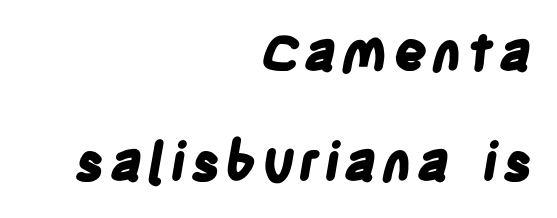
Q: Is the text bold? A: Yes.
Q: Is the typeface a serif or a sans-serif typeface? A: Sans-serif.
Q: Is the text underlined? A: No.
Q: How is the paragraph aligned? A: Right-aligned.
Q: Is the spacing between lines tight, normal or loose? A: Loose.
Q: Width (condensed, normal, or wide)? A: Condensed.
Q: Stroke contrast? A: Low.
Q: x-height? A: Large.
Q: Monospaced? A: No.
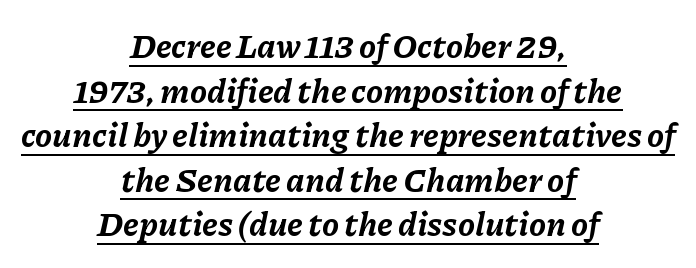
{"italic": "yes", "lean": "right", "slant_degrees": 11, "bold": "yes", "weight": "bold", "width": "normal", "stroke_contrast": "low", "x_height": "medium", "monospaced": "no", "underline": "yes", "align": "center", "line_spacing": "normal", "line_spacing_ratio": 1.31, "letter_spacing": "normal", "letter_spacing_em": 0.0, "glyph_px": 34}
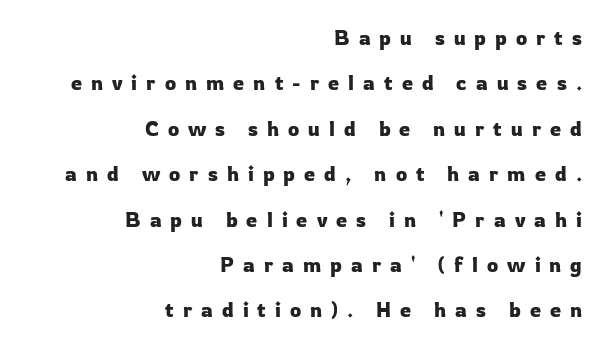
Q: Is the text italic (slanted)? A: No, it is upright.
Q: Is the text underlined? A: No.
Q: How is the paragraph aligned? A: Right-aligned.
Q: Is the spacing between letters normal or unusually wide? A: Unusually wide.
Q: Is the spacing between lines tight, normal or loose? A: Loose.
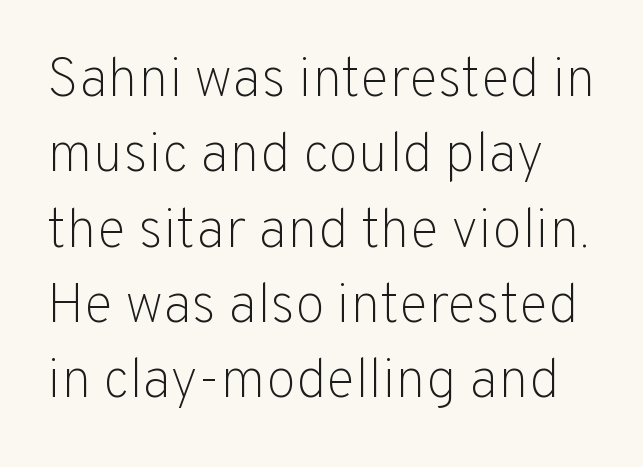
{"serif": "no", "italic": "no", "bold": "no", "weight": "light", "width": "normal", "stroke_contrast": "low", "x_height": "medium", "monospaced": "no", "underline": "no", "line_spacing": "normal", "line_spacing_ratio": 1.37, "letter_spacing": "normal", "letter_spacing_em": 0.0, "glyph_px": 55}
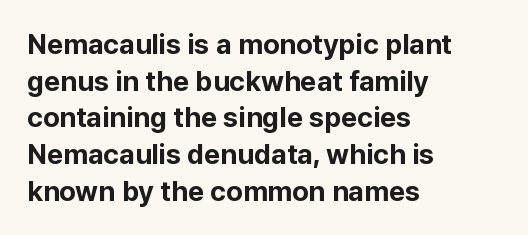
The image shows 28 px bold sans-serif type, upright; set left-aligned, normal line spacing (1.31x), normal letter spacing, not underlined; low stroke contrast and a medium x-height.
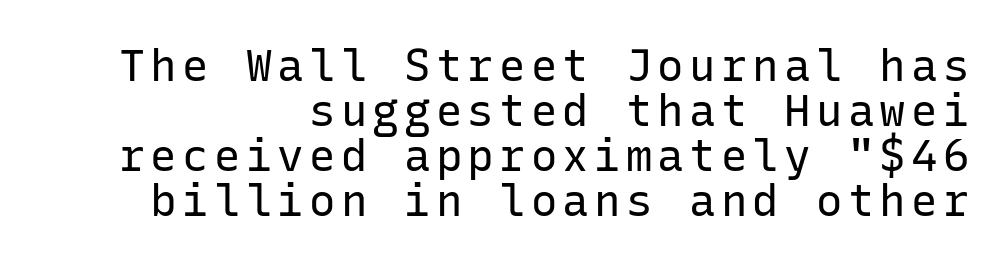
Font category for this specimen: sans-serif. Reading down the column, the eye jumps only a short way to each next line. These lines are set flush right with a ragged left edge. Stroke thickness stays within the range of a standard reading face or lighter. The rendering uses typewriter-style spacing with identical character cells.
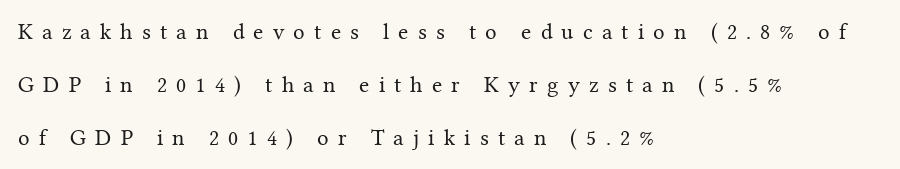
Anything drawn beneath the words? Only blank space. The letters look calm and open, with moderate or lighter stems. This rendering uses left alignment, leaving the right contour irregular. Spacing between characters has been opened up far beyond the box default.
------------------------------------------------------------
REQUIREMENT: In the material above, find the line containing "Q: Is the typeface" and the line containing "Q: Monospaced? A: No.", then write out exactly those two lines and every line between them, and nothing more.

TASK ANSWER:
Q: Is the typeface a serif or a sans-serif typeface? A: Sans-serif.
Q: Is the text underlined? A: No.
Q: How is the paragraph aligned? A: Right-aligned.
Q: Is the spacing between lines tight, normal or loose? A: Loose.
Q: Width (condensed, normal, or wide)? A: Condensed.
Q: Stroke contrast? A: Low.
Q: x-height? A: Large.
Q: Monospaced? A: No.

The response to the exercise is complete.